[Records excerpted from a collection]
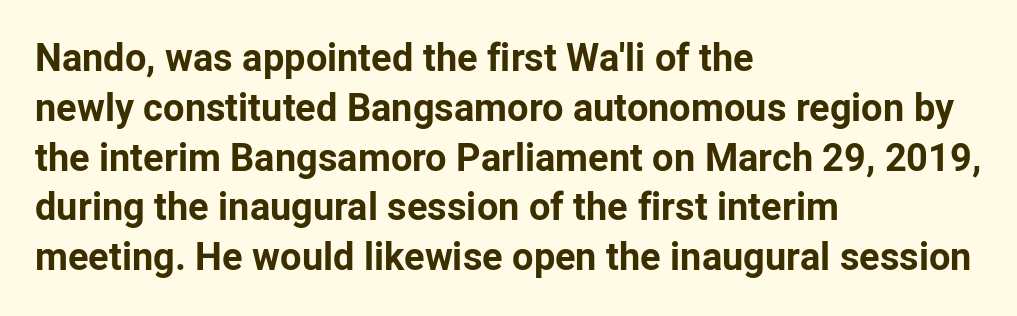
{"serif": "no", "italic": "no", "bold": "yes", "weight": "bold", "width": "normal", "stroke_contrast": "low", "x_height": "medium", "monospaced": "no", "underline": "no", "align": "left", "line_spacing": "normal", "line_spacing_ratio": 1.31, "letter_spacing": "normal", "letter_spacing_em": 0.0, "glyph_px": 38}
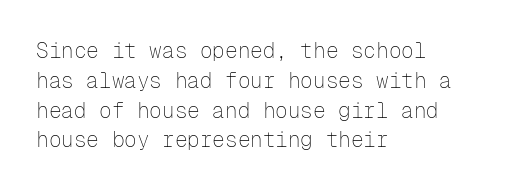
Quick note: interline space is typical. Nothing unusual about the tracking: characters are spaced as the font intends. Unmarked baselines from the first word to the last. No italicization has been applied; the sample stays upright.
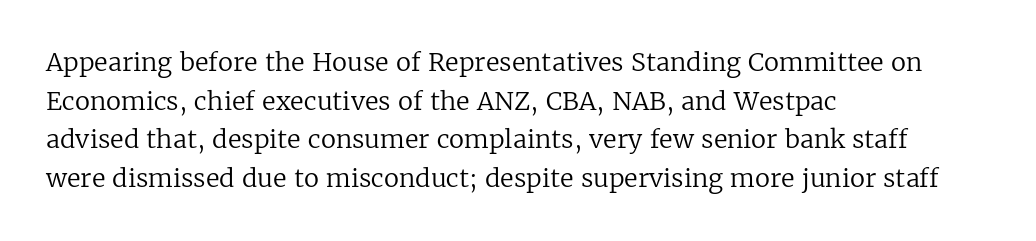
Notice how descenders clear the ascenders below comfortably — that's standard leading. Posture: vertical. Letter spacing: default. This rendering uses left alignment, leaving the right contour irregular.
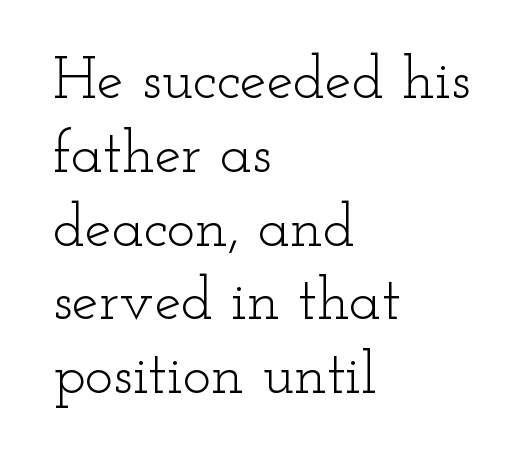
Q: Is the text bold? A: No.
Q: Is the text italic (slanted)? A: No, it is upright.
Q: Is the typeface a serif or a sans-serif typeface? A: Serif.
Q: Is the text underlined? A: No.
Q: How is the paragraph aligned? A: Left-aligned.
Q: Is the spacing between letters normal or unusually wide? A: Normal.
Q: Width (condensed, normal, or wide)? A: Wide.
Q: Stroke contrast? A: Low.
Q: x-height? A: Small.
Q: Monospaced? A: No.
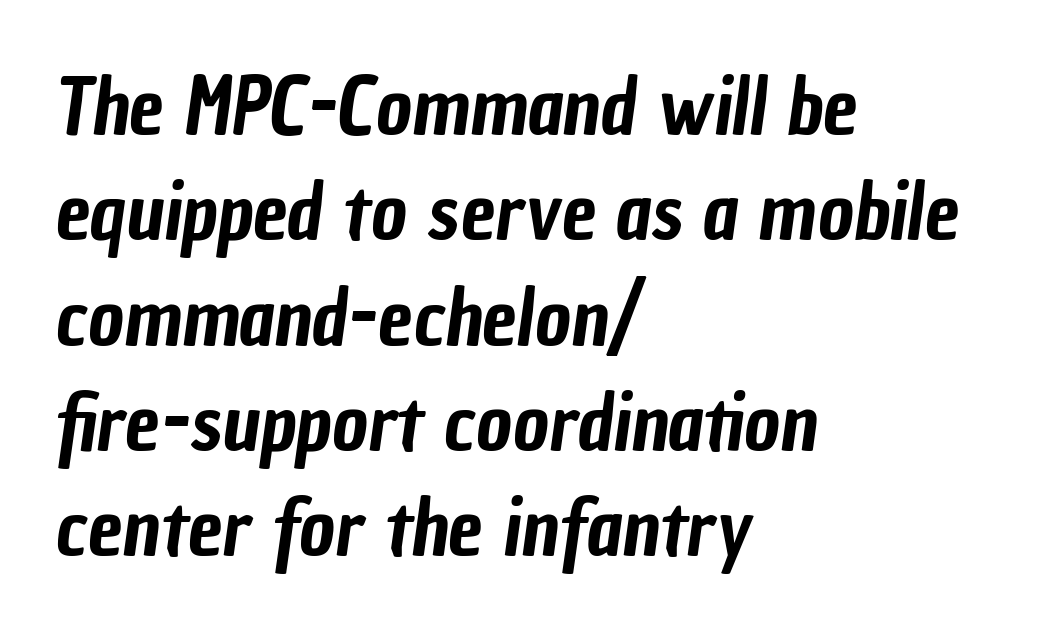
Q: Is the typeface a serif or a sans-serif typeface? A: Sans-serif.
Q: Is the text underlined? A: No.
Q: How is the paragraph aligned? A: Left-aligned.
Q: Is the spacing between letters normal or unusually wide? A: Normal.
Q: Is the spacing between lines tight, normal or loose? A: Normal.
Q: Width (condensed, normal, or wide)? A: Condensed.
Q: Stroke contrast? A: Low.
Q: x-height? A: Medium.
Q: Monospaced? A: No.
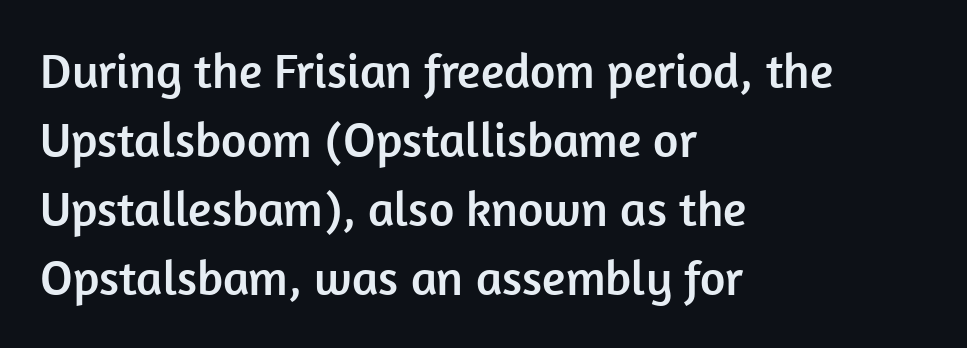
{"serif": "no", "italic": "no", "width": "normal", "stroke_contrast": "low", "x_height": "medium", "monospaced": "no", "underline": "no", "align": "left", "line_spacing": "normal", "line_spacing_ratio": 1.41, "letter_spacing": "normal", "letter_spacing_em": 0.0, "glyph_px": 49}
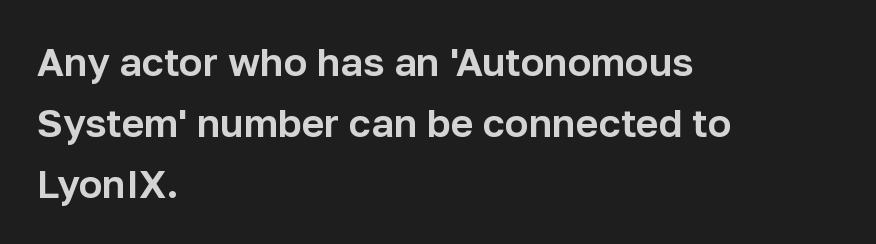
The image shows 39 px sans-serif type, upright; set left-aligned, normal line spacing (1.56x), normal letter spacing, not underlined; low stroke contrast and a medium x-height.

WHAT YOU WILL DO
Leave the pictures out. Repeat every entry above exactly.

ANSWER
{"serif": "no", "italic": "no", "bold": "yes", "weight": "bold", "width": "normal", "stroke_contrast": "low", "x_height": "medium", "monospaced": "no", "underline": "no", "align": "left", "line_spacing": "normal", "line_spacing_ratio": 1.31, "letter_spacing": "normal", "letter_spacing_em": 0.0, "glyph_px": 38}
Quick note: interline space is typical. Nothing unusual about the tracking: characters are spaced as the font intends. Unmarked baselines from the first word to the last. No italicization has been applied; the sample stays upright.
Notice how descenders clear the ascenders below comfortably — that's standard leading. Posture: vertical. Letter spacing: default. This rendering uses left alignment, leaving the right contour irregular.
Q: Is the text bold? A: No.
Q: Is the text italic (slanted)? A: No, it is upright.
Q: Is the typeface a serif or a sans-serif typeface? A: Serif.
Q: Is the text underlined? A: No.
Q: How is the paragraph aligned? A: Left-aligned.
Q: Is the spacing between letters normal or unusually wide? A: Normal.
Q: Width (condensed, normal, or wide)? A: Wide.
Q: Stroke contrast? A: Low.
Q: x-height? A: Small.
Q: Monospaced? A: No.
Q: Is the typeface a serif or a sans-serif typeface? A: Sans-serif.
Q: Is the text underlined? A: No.
Q: How is the paragraph aligned? A: Left-aligned.
Q: Is the spacing between letters normal or unusually wide? A: Normal.
Q: Is the spacing between lines tight, normal or loose? A: Normal.
Q: Width (condensed, normal, or wide)? A: Condensed.
Q: Stroke contrast? A: Low.
Q: x-height? A: Medium.
Q: Monospaced? A: No.
{"serif": "no", "italic": "no", "width": "normal", "stroke_contrast": "low", "x_height": "medium", "monospaced": "no", "underline": "no", "align": "left", "line_spacing": "normal", "line_spacing_ratio": 1.41, "letter_spacing": "normal", "letter_spacing_em": 0.0, "glyph_px": 49}
The image shows 39 px sans-serif type, upright; set left-aligned, normal line spacing (1.56x), normal letter spacing, not underlined; low stroke contrast and a medium x-height.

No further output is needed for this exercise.